Tuesday, February 21, 2012
By Faith... Moses, Part 36 of 54
Idea: Those who are close to us have a greater capacity to make us fear than those who are opposed to us.
Purpose: To help listeners realize that no leader can go it alone.
Do you enjoy some of the intellectual challenges that appear as you study the Bible?
For example, there seems to be a very straightforward statement about Moses in Hebrews 11:27, “By faith [Moses] left Egypt, not fearing the king’s anger; he persevered because he saw Him who is invisible” (NIV).
The text says three things: By faith Moses left Egypt; he didn’t fear the king’s anger; he persevered because he saw the One who is invisible.

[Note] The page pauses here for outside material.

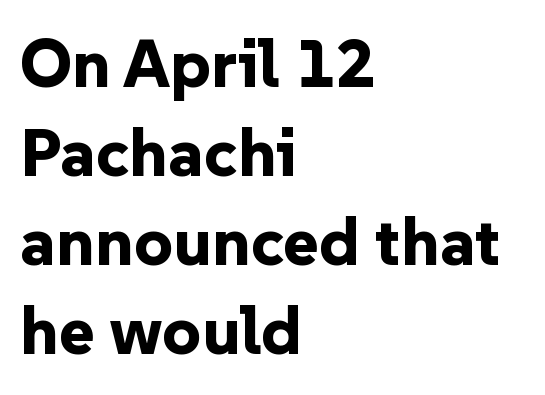
If you measured baseline to baseline, you'd find a middling distance. Decoration check: the copy has no underline. You'd pick this weight for a headline — it's a proper bold. Every row of glyphs begins at an identical x-position on the left. Typographically, this falls in the sans-serif category. Nobody touched the tracking dial on this one.

I. The problem we have to solve is in the statement, “By faith he left Egypt, not fearing the king’s anger.” What could that refer to?
It could refer to the time Moses left Egypt after he had killed an Egyptian and fled to Midian. That fits the sequence in Hebrews 11. The difficulty is that back in Exodus 2:14-15 the text says that Moses feared and fled.
It could mean that Moses left Egypt in the exodus when he led the people out and through the Red Sea. That fits Exodus 2, but it doesn’t fit the sequence in Hebrews 11.
II. How do scholars who believe that it refers to the journey to Midian explain the phrase “he was afraid”?
The text doesn’t say what made Moses afraid. In this interpretation, Moses wasn’t afraid of the anger of Pharaoh.
Even though he was fearless, the lack of faith in the Hebrews who rejected his leadership made him afraid.
III. Our own people can often make us more afraid than our enemies can.
Acts 7:23 seems to say that: “Now when [Moses] was forty years old, it came into his heart to visit his brethren, the children of Israel. And seeing one of them suffer wrong, he defended and avenged him who was oppressed, and struck down the Egyptian.
For he supposed that his brethren would have understood that God would deliver them by his hand, but they did not understand. And the next day he appeared to two of them as they were fighting, and tried to reconcile them, saying, ‘Men, you are brethren; why do you wrong one another?’ But he who did his neighbor wrong pushed him away, saying, ‘Who made you a ruler and a judge over us? Do you want to kill me as you did the Egyptian yesterday?’ Then at this saying, Moses fled and became a dweller in the land of Midian, where he had two sons.”
Our own experience can affirm that: Who can make us most afraid? Who can discourage us most? Those whom we consider to be our friends, or those who are our enemies?
Moses left Egypt not because he feared the wrath of Pharaoh but because he feared the negative response of his own people.